Ana Sayfa Arama
Üyelik
Üye Girişi
Yayın/Gazete
Yayınlar
Kategoriler
Servisler
Nöbetçi Eczaneler Sayfası Nöbetçi Eczaneler Hava Durumu Namaz Vakitleri Gazeteler Puan Durumu
WhatsApp
Sosyal Medya
Uygulamamızı İndir

5 yaşındaki Zeynep’in vefatına neden olan şoföre jet tahliye

5 yaşındaki Zeynep’in vefatına neden olan şoföre jet tahliyeANKARA’da konutunun önünde arabadan inip yola çıkan Zeynep Ela Bülbül’e (5) çarparak hayatını kaybetmesine neden olduğu suçlamasıyla tutuklanan servis minibüsünün şoförü İsmail A. (58), 2 hafta sonra birinci duruşmada tahliye edildi.

5 yaşındaki Zeynep'in vefatına

5 yaşındaki Zeynep’in vefatına neden olan şoföre jet tahliye

ANKARA’da meskeninin önünde arabadan inip yola çıkan Zeynep Ela Bülbül’e (5) çarparak hayatını kaybetmesine neden olduğu suçlamasıyla tutuklanan servis minibüsünün şoförü İsmail A. (58), 2 hafta sonra birinci duruşmada tahliye edildi. Kaza raporunda ‘hız sonunu yüzde 30’dan yüzde 50’ye kadar aşmak’ kuralını ihlal ettiği için ikinci derece kusurlu bulunan şoför hakkında 15 gün içinde iddianame düzenlenip, tahliye kararı verilmesine aile reaksiyon gösterdi.
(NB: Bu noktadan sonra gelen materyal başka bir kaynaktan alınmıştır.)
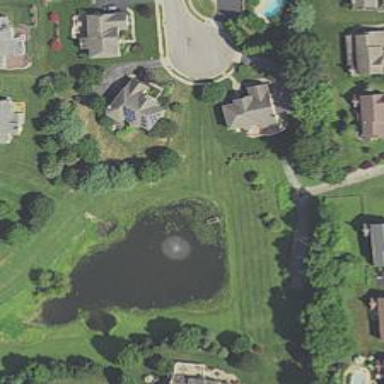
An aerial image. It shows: Serene pond surrounded by nature.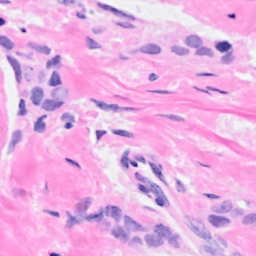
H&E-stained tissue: Breast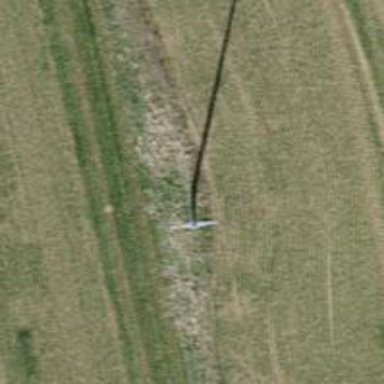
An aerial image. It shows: Power pole.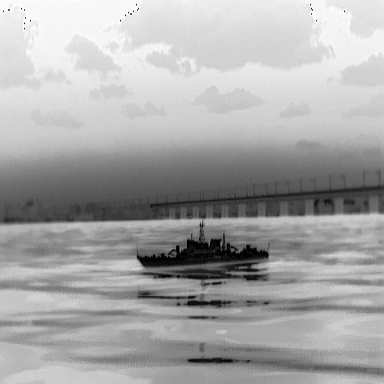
There is a warship in the infrared image.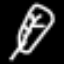
Label: leaf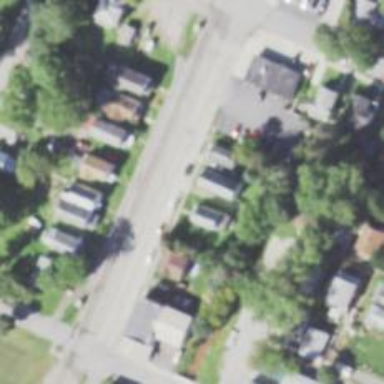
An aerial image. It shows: Residential road.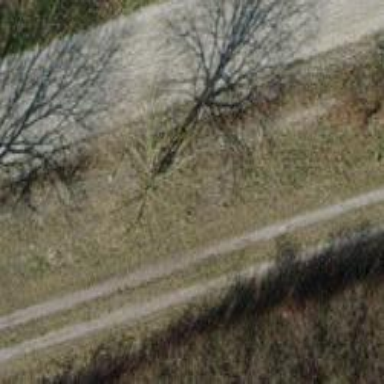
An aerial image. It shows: Beautiful tree with deciduous leaves lined up in avenue.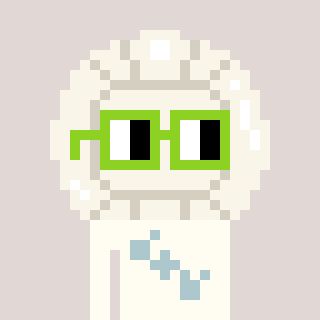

Yenimahalle ilçesi, Susuz Mahallesi, 3771’inci Cadde’de 21 Temmuz günü Cennet Bülbül, arabasıyla meskeninin önünde yol kenarında durdu. Arabadan inip yola çıkan Zeynep Ela’ya, İsmail A. idaresindeki 06 C 5812 plakalı servis minibüsü çarptı. Zeynep Ela, kaza yerinde kaybetti. Cennet Bülbül’ün, kızının cansız vücudu başındaki feryatları cep telefonu kamerasına yansıdı.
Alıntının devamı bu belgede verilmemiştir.